= Hemopump =

The Hemopump was designed to allow for temporary support of a failing heart. It is a continuous flow pump, and does not need to be synced to the rhythm of the heart. It assists in temporary heart stimulation with conditions such as cardiogenic shock following acute myocardial infarction, heart failure from cardiopulmonary bypass, and more. The pump can continually monitor the left ventricle, which allows for perpetual observation of the hearts condition. This allows for any necessary changes to be made when needed. The pump operates at speeds between two hundred and ninety and four hundred and seventy revolutions per minute.

The Hemopump Cardiac Assist System is an older design intra-arterial, axial-flow pump circulatory assist device concept that offers temporary left ventricular support to patients in refractory cardiogenic shock without requiring major surgery for insertion.

The Hemopump draws blood with the impeller from the left ventricle and then exchanges it through the aorta. It can run at a constant speed, or two variable speeds during the cardiac cycle. Volume of the stroke, the rotating speed, or the pressure can all be tuned. These different setting are used for different conditions of the heart. It is optimal to run at two different speeds through a cardiac cycle as opposed to a constant speed. Running the pump at maximum capacity can be dangerous as it has led to complete collapse of the left ventricle in animal trials.

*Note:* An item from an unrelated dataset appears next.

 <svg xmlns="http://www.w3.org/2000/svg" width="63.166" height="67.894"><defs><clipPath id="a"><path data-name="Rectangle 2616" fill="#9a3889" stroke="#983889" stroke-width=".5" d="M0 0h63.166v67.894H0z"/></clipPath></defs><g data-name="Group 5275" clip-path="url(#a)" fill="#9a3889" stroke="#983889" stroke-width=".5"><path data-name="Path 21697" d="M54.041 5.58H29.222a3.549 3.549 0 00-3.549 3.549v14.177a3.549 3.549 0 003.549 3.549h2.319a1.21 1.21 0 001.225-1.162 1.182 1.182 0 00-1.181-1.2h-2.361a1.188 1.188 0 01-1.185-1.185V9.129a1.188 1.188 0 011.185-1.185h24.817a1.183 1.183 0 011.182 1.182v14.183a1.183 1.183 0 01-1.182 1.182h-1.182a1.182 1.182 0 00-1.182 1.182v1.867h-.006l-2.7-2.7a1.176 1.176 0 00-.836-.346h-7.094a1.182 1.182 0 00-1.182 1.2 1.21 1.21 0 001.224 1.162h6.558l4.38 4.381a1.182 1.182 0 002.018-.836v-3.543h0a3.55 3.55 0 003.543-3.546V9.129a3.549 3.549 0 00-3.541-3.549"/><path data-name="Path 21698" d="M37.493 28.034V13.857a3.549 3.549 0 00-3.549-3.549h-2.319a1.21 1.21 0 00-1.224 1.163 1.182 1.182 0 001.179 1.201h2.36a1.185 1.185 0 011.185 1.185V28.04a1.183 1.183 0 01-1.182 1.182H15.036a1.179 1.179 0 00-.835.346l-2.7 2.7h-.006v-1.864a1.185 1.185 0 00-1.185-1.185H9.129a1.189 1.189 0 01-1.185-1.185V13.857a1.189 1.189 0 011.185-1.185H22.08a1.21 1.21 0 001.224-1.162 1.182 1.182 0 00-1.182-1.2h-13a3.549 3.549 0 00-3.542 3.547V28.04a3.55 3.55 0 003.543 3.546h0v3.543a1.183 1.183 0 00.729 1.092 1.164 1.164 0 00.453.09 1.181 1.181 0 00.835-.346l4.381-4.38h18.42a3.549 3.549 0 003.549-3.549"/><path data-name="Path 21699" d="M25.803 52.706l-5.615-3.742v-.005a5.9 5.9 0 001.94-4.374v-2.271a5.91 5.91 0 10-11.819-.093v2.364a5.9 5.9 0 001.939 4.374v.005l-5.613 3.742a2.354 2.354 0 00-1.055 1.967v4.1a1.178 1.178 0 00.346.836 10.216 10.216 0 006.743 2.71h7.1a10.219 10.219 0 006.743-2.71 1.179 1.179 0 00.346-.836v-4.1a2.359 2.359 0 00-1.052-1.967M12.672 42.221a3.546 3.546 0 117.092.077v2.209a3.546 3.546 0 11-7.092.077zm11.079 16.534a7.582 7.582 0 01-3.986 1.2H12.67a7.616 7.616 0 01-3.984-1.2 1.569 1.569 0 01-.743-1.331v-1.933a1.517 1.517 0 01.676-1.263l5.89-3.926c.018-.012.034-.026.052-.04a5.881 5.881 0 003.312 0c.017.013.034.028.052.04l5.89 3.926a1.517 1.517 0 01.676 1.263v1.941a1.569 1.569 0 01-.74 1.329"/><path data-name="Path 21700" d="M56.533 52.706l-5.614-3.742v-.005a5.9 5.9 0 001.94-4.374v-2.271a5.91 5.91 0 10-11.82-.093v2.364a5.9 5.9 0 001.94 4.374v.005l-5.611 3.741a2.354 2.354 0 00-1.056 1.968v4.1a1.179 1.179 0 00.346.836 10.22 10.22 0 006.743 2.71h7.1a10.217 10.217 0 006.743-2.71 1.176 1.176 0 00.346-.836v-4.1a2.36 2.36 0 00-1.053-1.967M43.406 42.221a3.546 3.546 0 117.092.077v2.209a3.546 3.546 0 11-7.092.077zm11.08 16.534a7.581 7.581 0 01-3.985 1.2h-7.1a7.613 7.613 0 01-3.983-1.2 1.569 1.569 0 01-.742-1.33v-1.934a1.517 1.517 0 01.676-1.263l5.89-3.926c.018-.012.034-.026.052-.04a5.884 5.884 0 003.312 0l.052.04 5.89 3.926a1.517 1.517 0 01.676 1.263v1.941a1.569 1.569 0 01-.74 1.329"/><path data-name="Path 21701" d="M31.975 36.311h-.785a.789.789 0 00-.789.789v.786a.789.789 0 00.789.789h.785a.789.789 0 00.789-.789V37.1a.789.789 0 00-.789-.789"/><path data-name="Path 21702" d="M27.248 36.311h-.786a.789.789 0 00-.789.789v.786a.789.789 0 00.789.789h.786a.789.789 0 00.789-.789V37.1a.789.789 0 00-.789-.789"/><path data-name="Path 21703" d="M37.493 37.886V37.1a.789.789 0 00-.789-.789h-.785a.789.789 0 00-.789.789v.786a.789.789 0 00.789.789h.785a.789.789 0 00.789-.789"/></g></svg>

When in use there was low risk involved with the use of the Hemopump. There have not been many complications in patients that had used the pump. Any complications resulting in morbidity were seen to be rare. The Hemopump was deemed safe for use in community hospitals and it was expected that the number of patients supported by this device would increase. More advanced technologies however did outdate this device making it obsolete.

==Commercial==

The Hemopump was not successful commercially, however it was a precursor to many technologies that were developed off of the same concepts that were much more successful commercially. Attempts to make a low speed effective pump or LVAD are constantly being researched.

==Hemopump System Components==
The Hemopump is of axial type, with a length twice that of the diameter. It is placed within a silicone cannula for protection. A steel cable is connected to it which drives it. Lubrication is fed to the pump through a catheter in the drive cable. The pump is inserted through the femoral artery, and then moved up until the tip of the cannula passes over the aortic valve.

The pump is powered by a magnet synchronous motor. The motor has three coils which rotate and create a magnetic field. This receives a signal which can be applied to change the rotational speed. If the rotor is not at the proper signaled speed, it will not rotate at all. It uses a consistent voltage of 24 regardless of frequency. Under operation the motor is operated in a closed loop to avoid accidental stalls.

It will pump up to 3-4 liters per minute of fluid in normal operating range.

==History==
The pump was designed to allow for temporary support of a dying heart. It is a continuous flow pump, it does not need to be synced to the rhythm of the heart. It assists in temporary heart stimulation with conditions such as cardiogenic shock following acute myocardial infarction, heart failure from cardio pulmonary bypass, and more. The pump can continually monitor the left ventricle, which allows for perpetual observation the hearts condition. This allows for any necessary changes to be made when needed. The pump operates at speeds between two hundred and ninety and four hundred and seventy revolutions per minute.

The pump was first used on 25 April 1988 in a 61 years old man, a recent heart transplant recipient who was in the midst of a profound acute episode of rejection and cardiogenic shock. The pump successfully sustained him for 46 hours while there had

been sufficient recovery of myocardial contractility to redraw the Hemopump support. It was also tested in 1990 on 7 persons with similar heart conditions. The tests were performed by Frazier and Associates.

The pump is not in use anymore, but its design is being applied to other similar devices.